Capacity-based workload planning: when does your team actually run out of hours?
Nobody decides to overcommit a team. It happens one reasonable yes at a time: each new project looks affordable against a vague sense of slack, because at the moment of saying yes, nobody can see the sum. The sum only becomes visible weeks later, as its symptoms: everything slightly late, everyone context-switching, the heroics culture that teams mistake for high performance when it is actually just an unpaid capacity debt coming due.
The failure is informational, not moral, and it has a precise shape: commitments are made per-project while capacity is spent per-person. Any system where the ledgers are kept on different axes will drift. Capacity-based workload planning is just the discipline of keeping one ledger, on the person axis, and checking it before every yes.
One pool, many straws#
The mechanics in Topolog are direct. Each person paints their real weekly availability (the painted week): that grid is their capacity, the only hours that exist. Every active plan needs hours from specific people: that is demand, and it is computed from the plans themselves (the dependency-ordered work, the estimates with their spread, loops at their expected lengths), not from a separately maintained resourcing spreadsheet.
The scheduler's job is the allocation: pack every plan's demand into every person's paint, respecting dependencies, and report the result. Three readouts fall out:
Per-person load. Allocated hours against painted hours, per week, per member: the team view renders it as bars. The pattern worth catching is not this week's overload but the structural one: someone allocated 110% indefinitely is not busy, they are the place where several plans' schedules are quietly impossible.

Per-plan risk. When the pool cannot cover every plan, something has to move, and the scheduler shows which plans land where: which are fully resourced, which are starved, and whose dates therefore carry capacity risk on top of their ordinary estimate risk. A plan can be perfectly designed and still doomed by arithmetic happening two plans away; this is the view that catches it. Cross-project visibility is the entire point: no plan can be honestly scheduled alone.
The marginal cost of yes. The question that actually decides things ("if we take this on, what happens to what we already promised?") becomes a what-if edit: add the candidate plan, watch the allocation recompute, and read off exactly which existing commitments move and by how much. "Yes, and the platform migration slips three weeks" is a sentence a leadership team can act on. A vibe about slack is not.
The fictions this replaces#
Capacity planning has a bad name because its traditional implementations track utilisation percentages in a spreadsheet bolted onto reality with good intentions. The failure modes are predictable, and each maps to a fix:
| Fiction | The cost | The correction |
|---|---|---|
| Everyone is 40 hours | All dates optimistic by the real-life ratio | Painted weeks: only painted hours get scheduled |
| Demand equals the estimate | Loops, spread, and rework vanish from the load | Demand from the simulated plan, expected iterations included |
| Parallel bars mean parallel work | One person "doing" three tasks at once | One human is a serial resource; the engine packs accordingly |
| The resourcing sheet | Drifts from the plans within a week | Demand is computed from the plans; there is nothing to maintain |
| Utilisation targets near 100% | Zero slack means every surprise cascades | The spread is visible, so the buffer argument makes itself |
The serial-resource point deserves a highlight because the plan-shape article meets reality here: a beautiful ten-branch fan-out executed by two people is a chain in disguise, and a capacity-aware scheduler is what tells you so before the quarter does.

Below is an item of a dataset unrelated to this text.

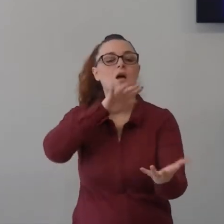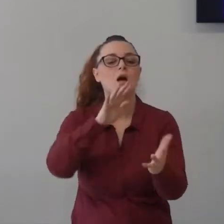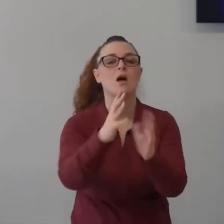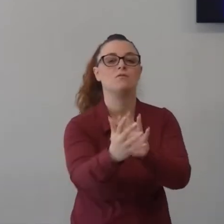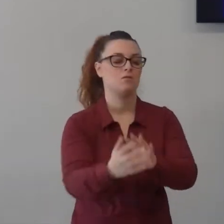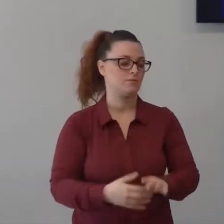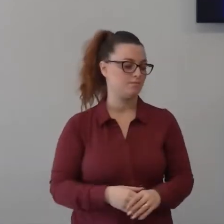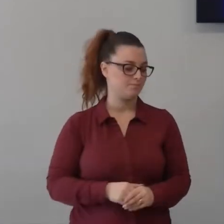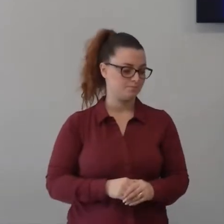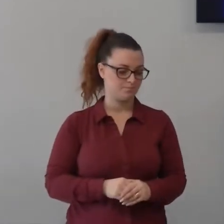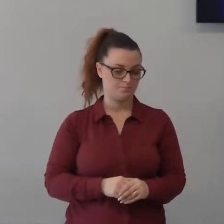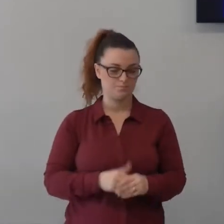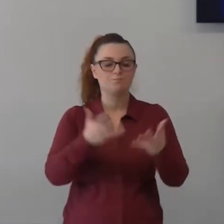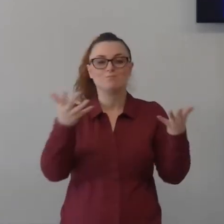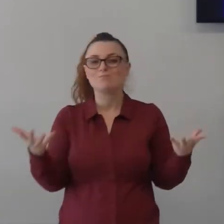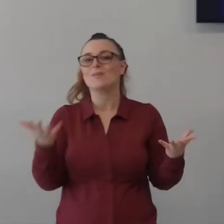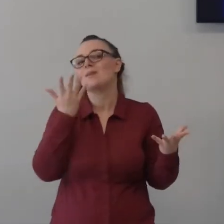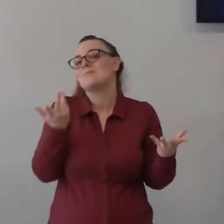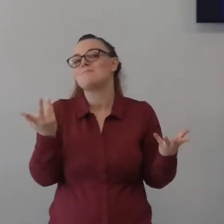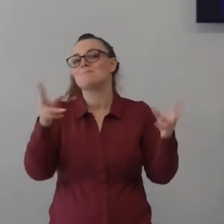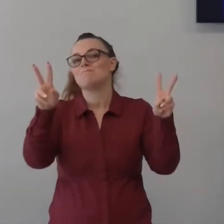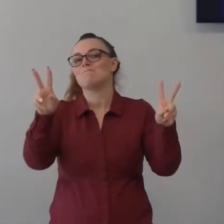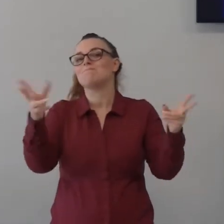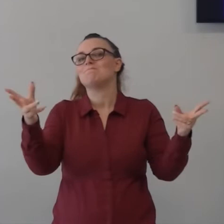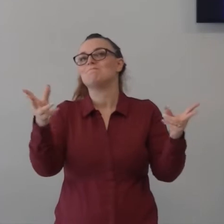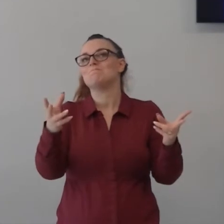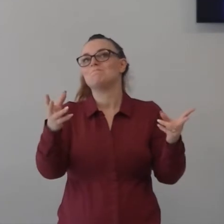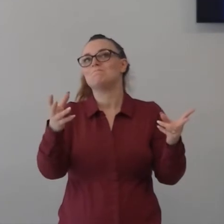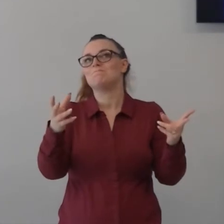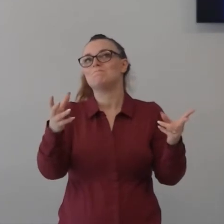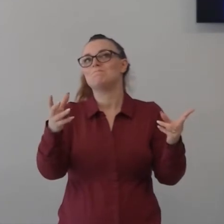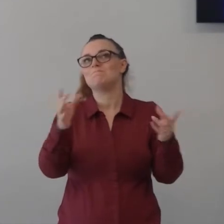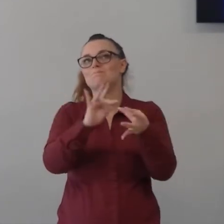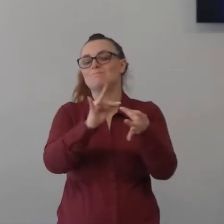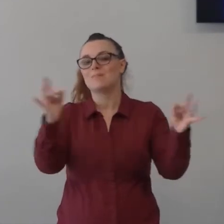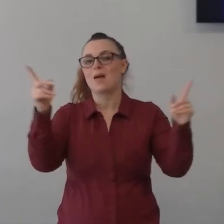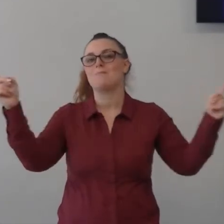parola Gesù vuole entrare nella barca vuole entrare nella barca

Small teams need this most#
Capacity tooling is marketed at enterprises, which is backwards. A 200-person organisation overcommitted by one project absorbs it; a five-person team overcommitted by one project loses a quarter, and small teams say yes more often because every opportunity feels existential. The five-person version of this discipline is also drastically simpler: five painted grids, a handful of plans, one allocation view, no PMO required.
The cultural shift is the real product. When capacity is visible and shared, "no" stops being a courage problem. The team is not declining work; the pool is full, the view shows it, and the conversation moves to the real trade-off: which existing commitment is worth displacing. Heroics stop being the default plan and go back to being what they should have been all along: the exception, for the surprises, not the budgeted operating mode.